Six months total. But I was working full-time. So like one to two hours every day, plus weekends. If I had done it full-time, probably three months.
Why I Actually Stuck With It
The biggest reason? Honestly, I found it interesting. I stopped practicing on random stuff and started analyzing things I actually cared about. My cloud infrastructure costs, data from projects I was working on, stuff like that.
And I didn’t quit when it got hard. There’s this period like month two to three where it’s boring and hard at the same time. That’s when everyone stops. I wanted to quit too. But I didn’t. I just kept coding. Every single day. Even when I didn’t understand anything. Even when I was frustrated. Even when it felt pointless.
What Actually Helped Me
Free YouTube tutorials for basics. Stack Overflow when I was stuck. Real Python website for actually understanding concepts. Kaggle for finding real datasets. And I did pay for one thing Andrew Ng’s machine learning course on Coursera. That actually helped a lot. The concepts clicked differently when someone explained them step by step.
Real Talk: What I Wish I Knew
If I could go back in time and tell younger me stuff:
- Don’t skip fundamentals. Your future self will thank you.
- Use real data. Boring messy data. That’s where you learn.
- You don’t need to memorize everything. Google is fine. Understanding is what matters.
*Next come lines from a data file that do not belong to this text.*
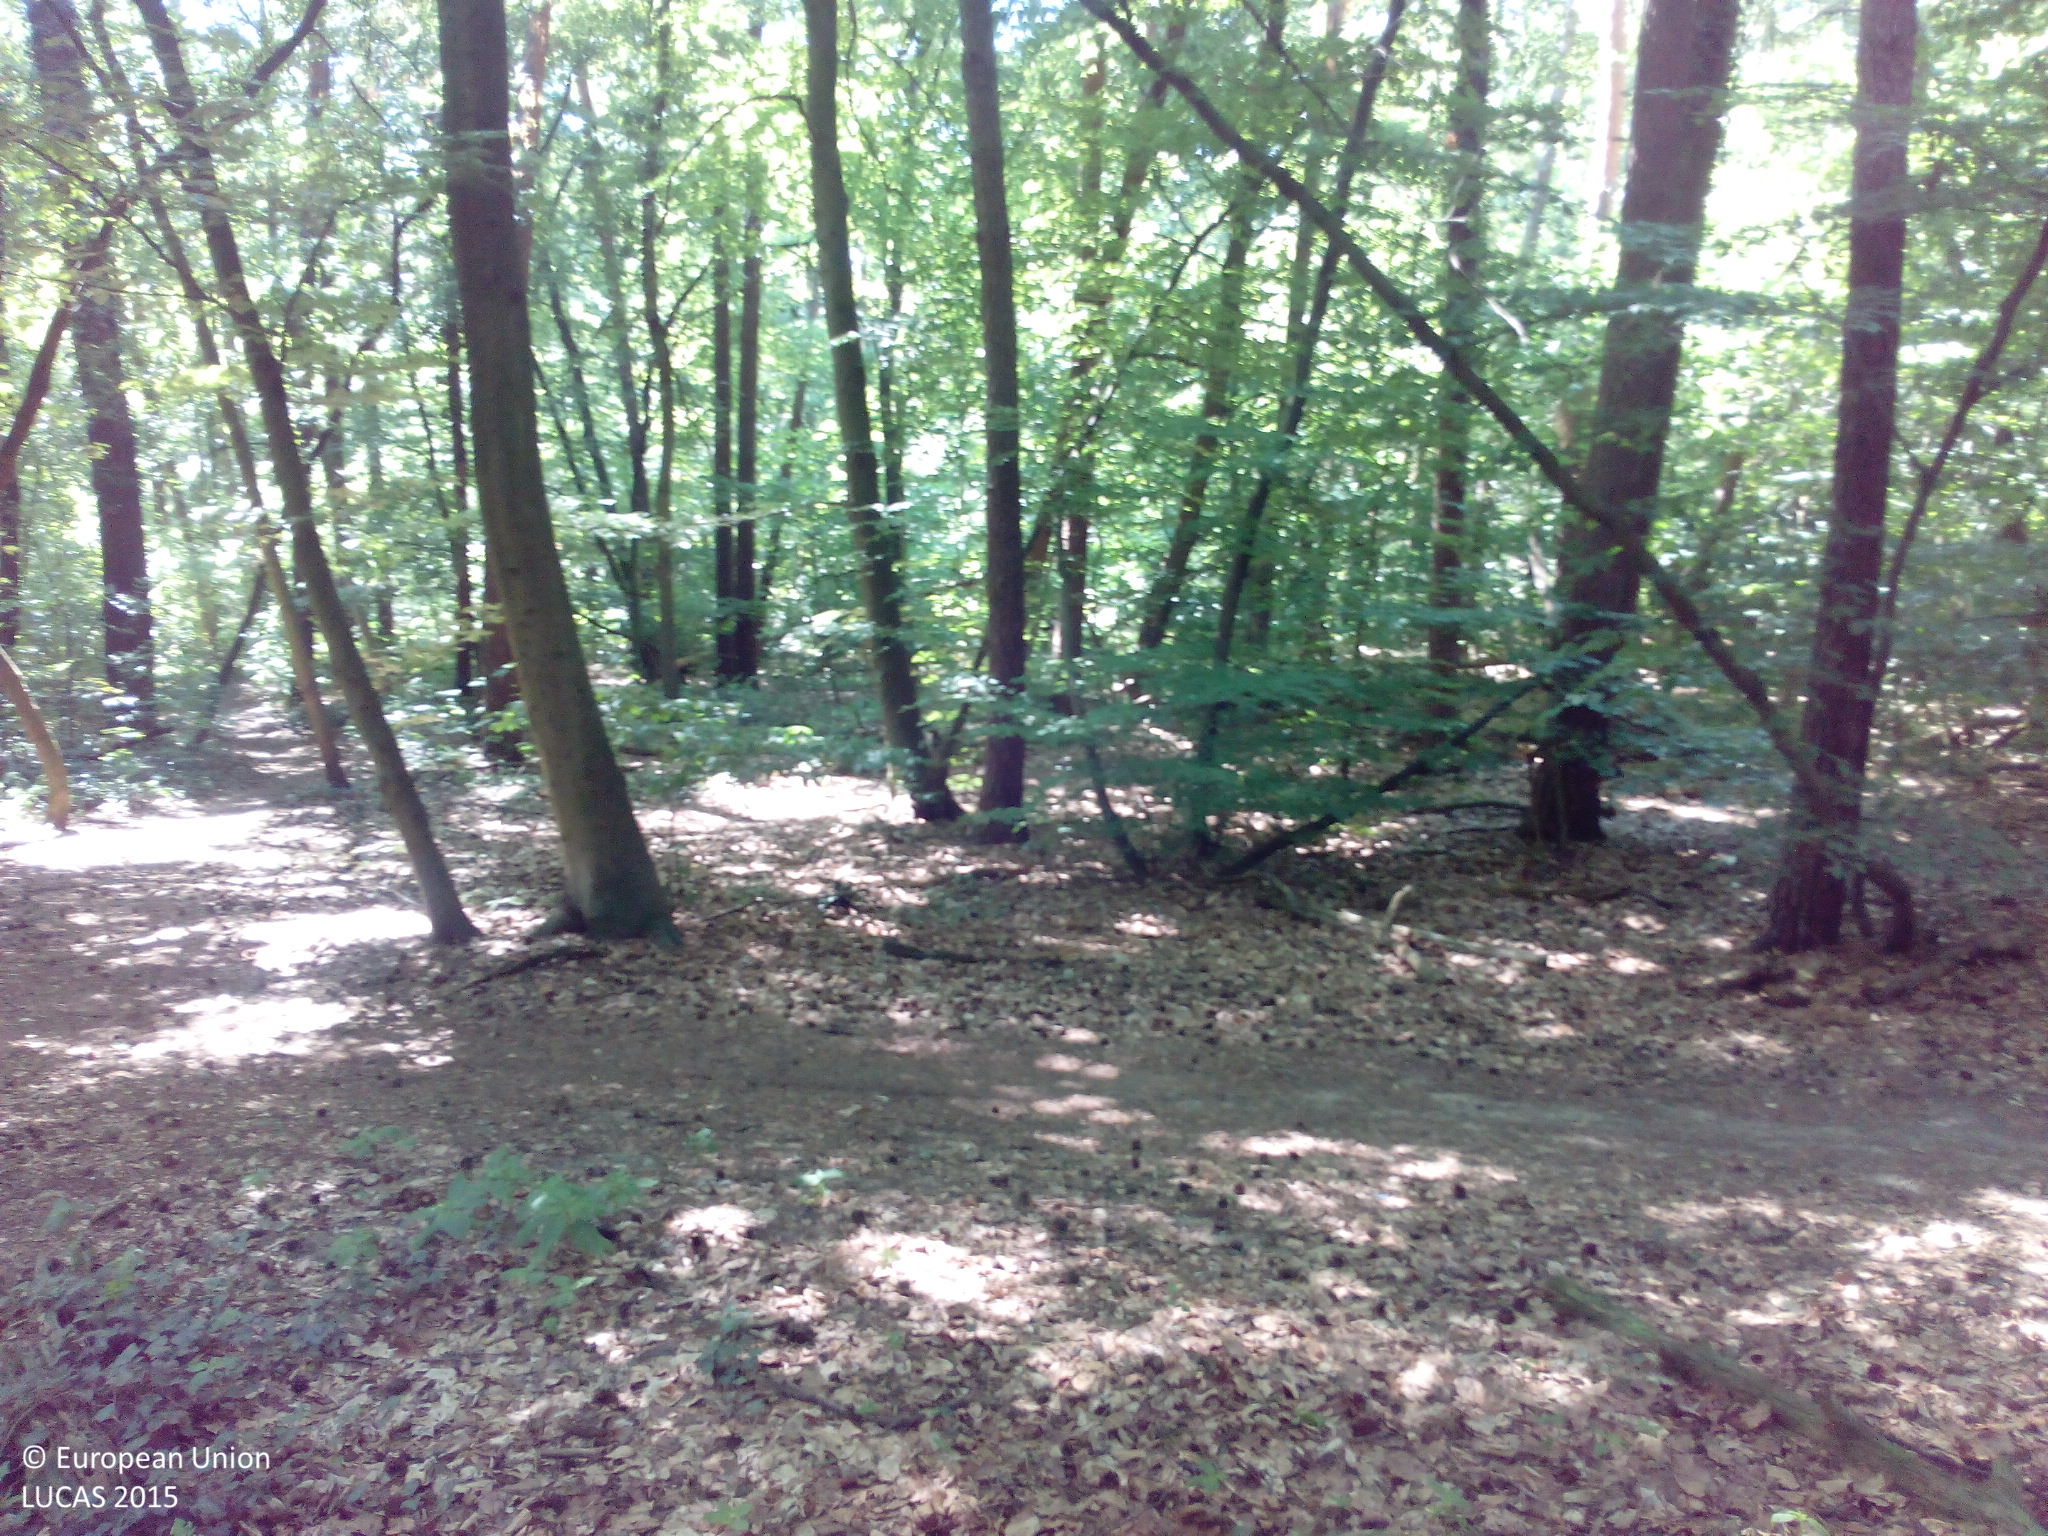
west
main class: Woodland
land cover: Pine dominated mixed woodland
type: mesophytic deciduous forest
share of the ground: > 75 %
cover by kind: broadleaved forest trees 50 %, coniferous forest trees 30 %, herbaceous plants 10 %, unconsolidated bare surface 10 %
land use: Forestry
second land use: Amenities, museums, leisure
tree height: > 5 m
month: July
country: DE
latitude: 49.8345
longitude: 8.6518
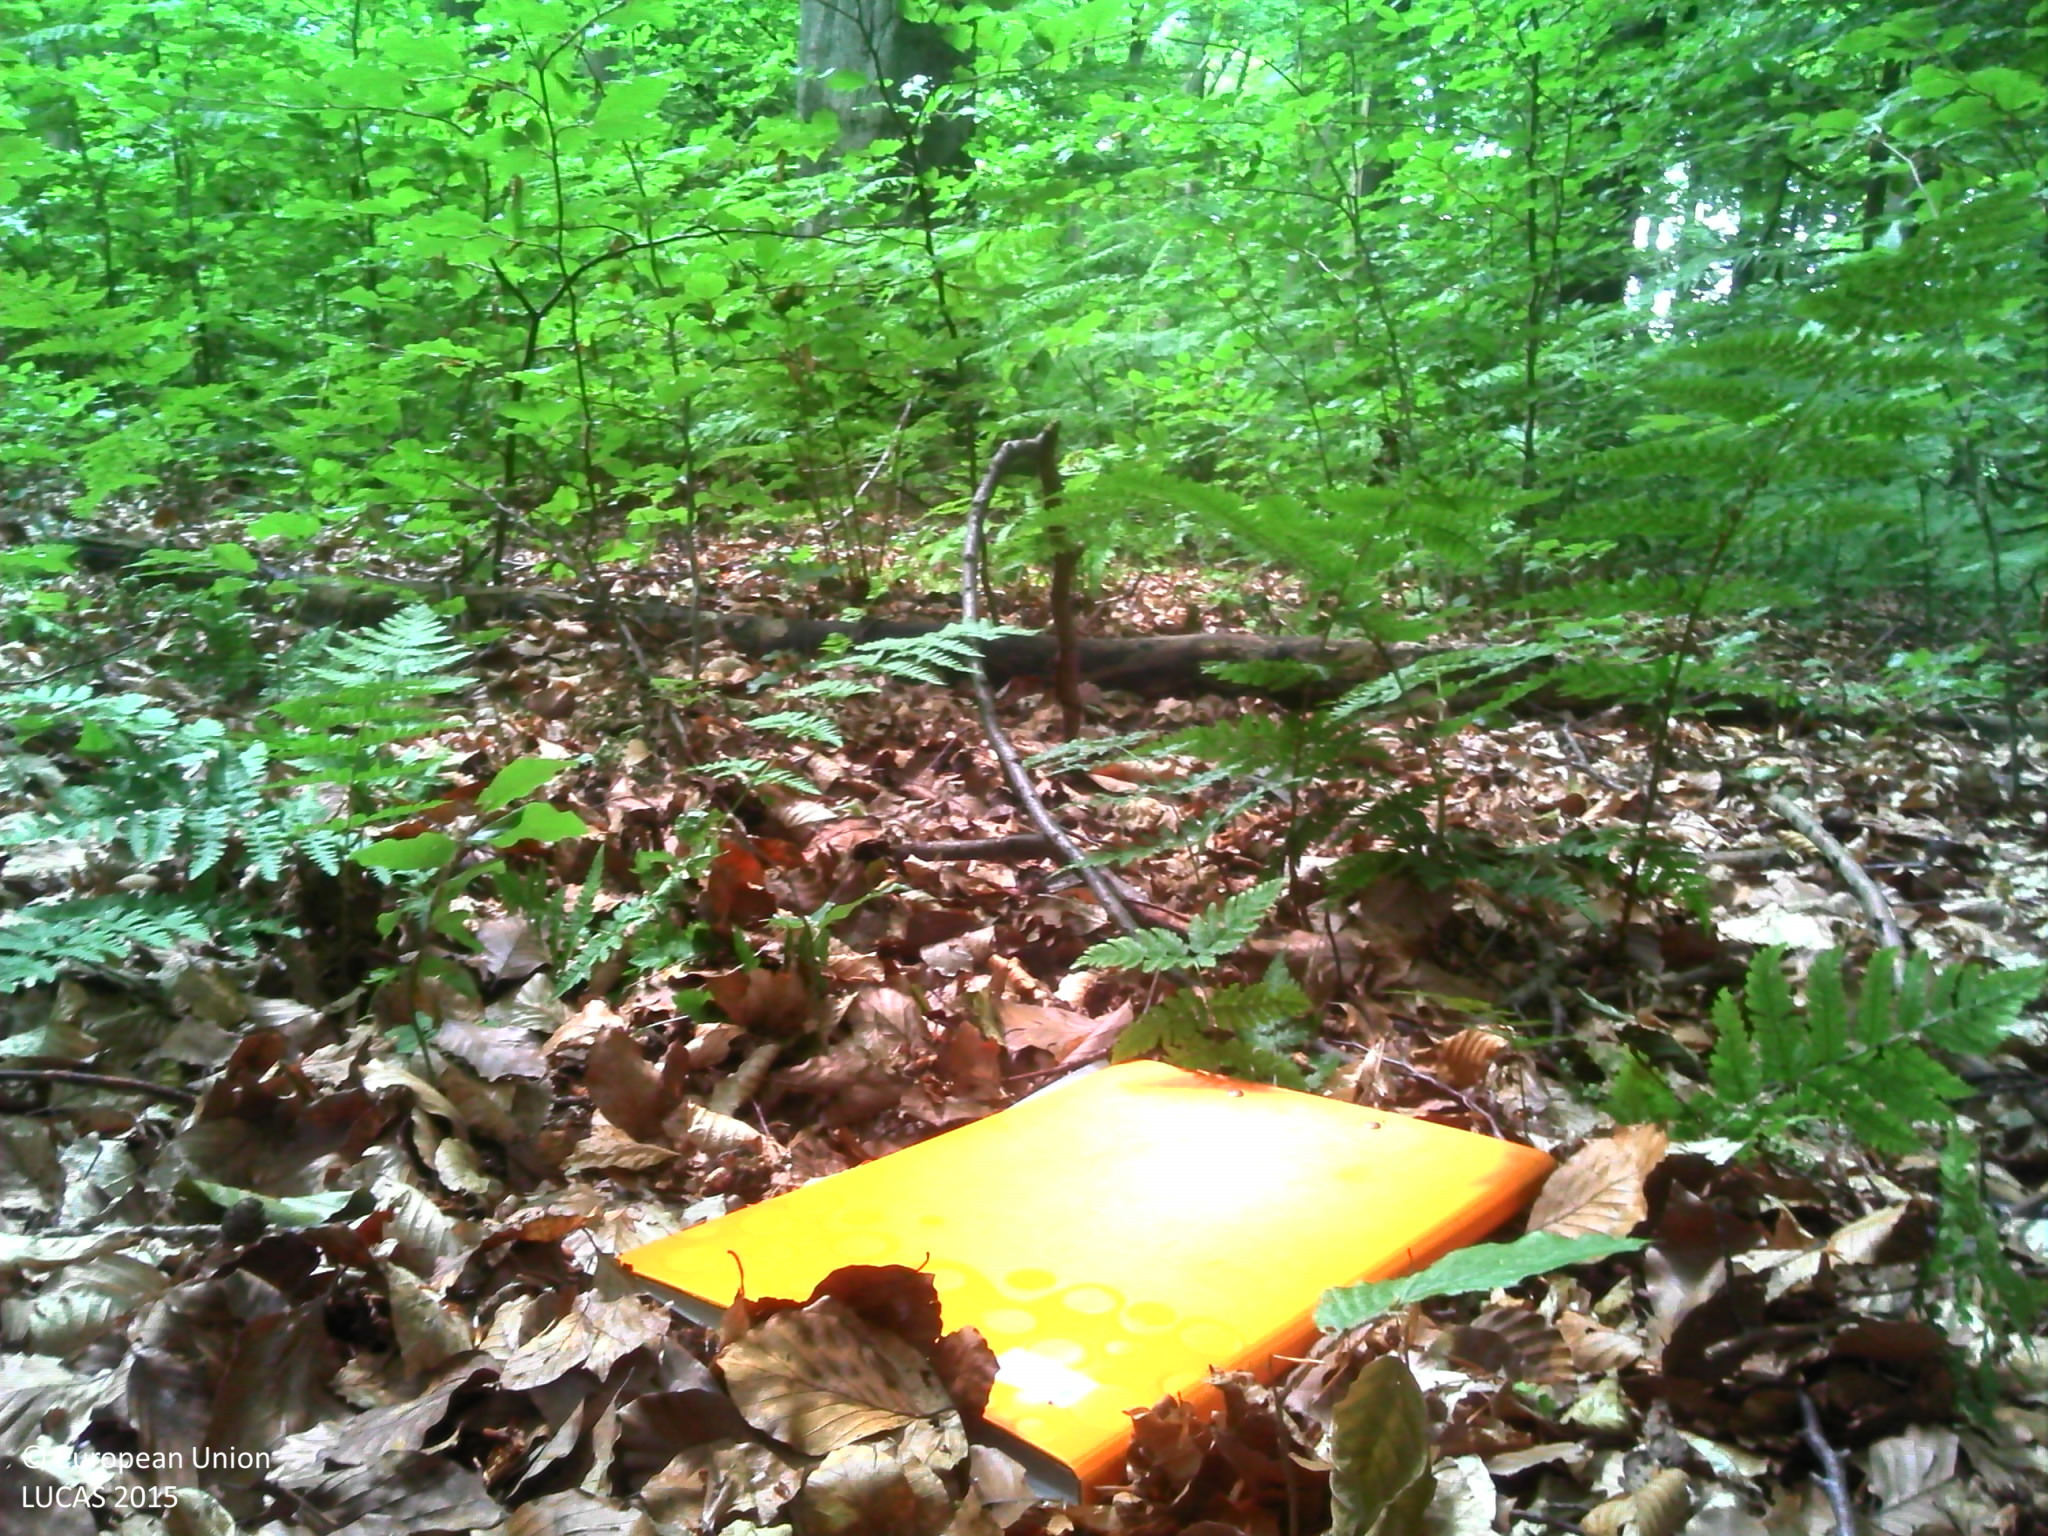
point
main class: Woodland
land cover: Broadleaved woodland
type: beech forest
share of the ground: > 75 %
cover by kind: broadleaved forest trees 90 %, herbaceous plants 5 %, lichens and mosses 5 %
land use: Forestry
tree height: > 5 m
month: July
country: BE
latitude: 50.7880
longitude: 4.4493

- Build stuff you care about. Not random projects. Stuff that actually interests you.
- The hard part is not quitting. Not being smart. Just… not quitting.
- Find other people learning this. Talk to them. Ask them questions. It helps so much.
Where I’m At Now
Now Python is just… part of how I work. I use it for automation, data analysis, machine learning stuff, all of it. It’s my default tool. But here’s the thing I’m still learning. Every single week I learn something new. New tools, new techniques, new ways of doing things. And that’s cool. Means I’m not bored.
Can You Do This?
Yeah. You absolutely can. If I can do it and I’m not special, I’m just consistent you can definitely do it. Just start. Write something dumb in Python today. Then do it tomorrow. Then the day after. That’s it. The you six months from now will be like “damn, I’m glad I started back then.” That’s how it works.